Proxy Filing
Logotype for Renasant Corporation

Renasant (RNST) Proxy Filing summary

Event summary combining transcript, slides, and related documents.

Logotype for Renasant Corporation

Proxy Filing summary

1 Dec, 2025

Executive summary

  • The 2025 annual meeting will address director elections, amendments to the Articles of Incorporation, executive compensation, auditor ratification, and other business.

  • Key 2024 highlights include the announced merger with The First Bancshares, Inc. (FBMS), the sale of the insurance agency business, and a public stock offering.

  • Solid financial performance in 2024: GAAP diluted EPS of $3.27, adjusted EPS of $2.76, and net income of $195.5 million.

  • The FBMS merger, expected to close in the first half of 2025, will create a six-state Southeastern banking franchise with $26 billion in assets.

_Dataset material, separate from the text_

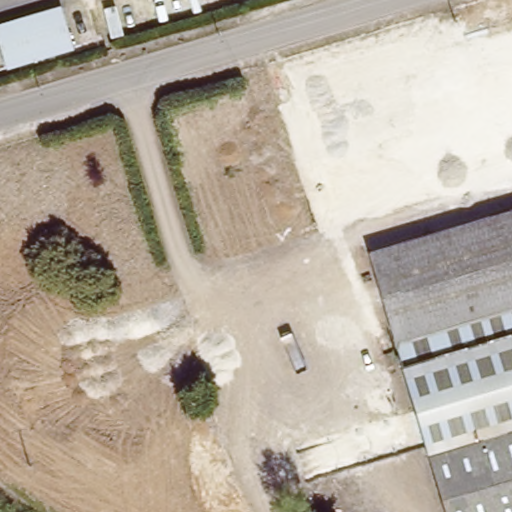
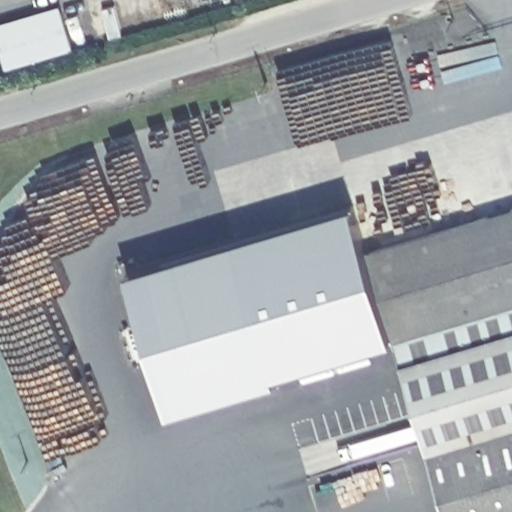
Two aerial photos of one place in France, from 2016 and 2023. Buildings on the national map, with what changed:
unchanged [(0,30),(8,28),(61,13),(72,48),(18,64),(5,68),(0,49),(0,30)]
new [(274,374),(278,380),(168,409),(129,271),(356,204),(369,260),(392,338),(274,374)]
unchanged [(444,512),(368,258),(512,215),(512,512),(444,512)]

Voting matters and shareholder proposals

  • Shareholders will vote on: (1) election of 14 or 10 directors (depending on merger timing), (2) increasing authorized common stock from 150M to 250M shares, (3) eliminating director liability for monetary damages (with exceptions), (4) advisory say-on-pay, and (5) ratification of HORNE LLP as independent auditors.

  • Board recommends voting FOR all proposals.

  • Shareholders may submit proposals and director nominations for the 2026 meeting, following specific advance notice and eligibility requirements.

Board of directors and corporate governance

  • Board size will increase to 18 upon FBMS merger completion; otherwise, 14 directors will be elected.

  • Board committees include executive, audit, compensation, nominating, and enterprise risk management (ERM).

  • Majority voting policy for uncontested director elections; directors must tender resignation if more withhold than for votes.

  • Stock ownership guidelines require directors and executives to maintain significant holdings; all directors meet requirements except one new member still within compliance period.

  • Annual board, director, and committee performance assessments are conducted, with independent third-party input.

  • Board diversity: post-merger, four female and 14 male directors, with two African-American members.